Brief: Set down the records once more, please, exactly and with the pictures left out.

Extracted information START

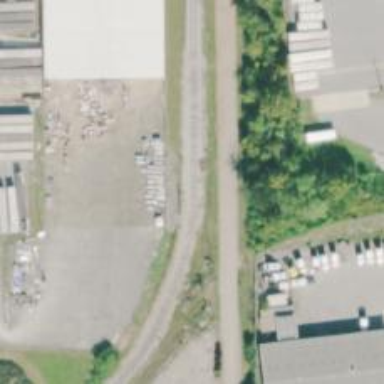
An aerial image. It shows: Railway spur service.
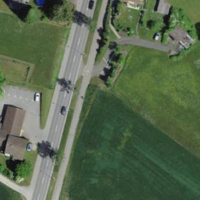
EUNIS habitat code: 25
Species observed at this site:
Gryllus campestris
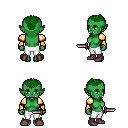
a pixel art fantasy rpg character, female body template, orc, green skin, gold arm armor, white pants, green short mohawk hairstyle, maroon shoes, dagger, four views (front, back, left, right), 2x2 character sprite sheet, small pixel art, hard edges, no anti-aliasing
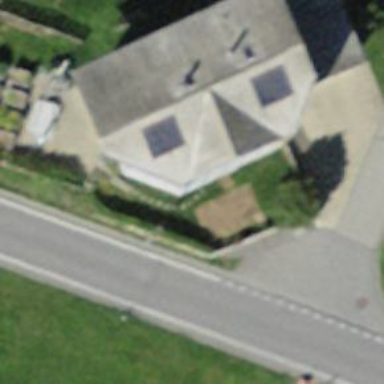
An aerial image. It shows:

Extracted information END

Answer for the task:
An aerial image. It shows: Railway spur service.
EUNIS habitat code: 25
Species observed at this site:
Gryllus campestris
a pixel art fantasy rpg character, female body template, orc, green skin, gold arm armor, white pants, green short mohawk hairstyle, maroon shoes, dagger, four views (front, back, left, right), 2x2 character sprite sheet, small pixel art, hard edges, no anti-aliasing
An aerial image. It shows:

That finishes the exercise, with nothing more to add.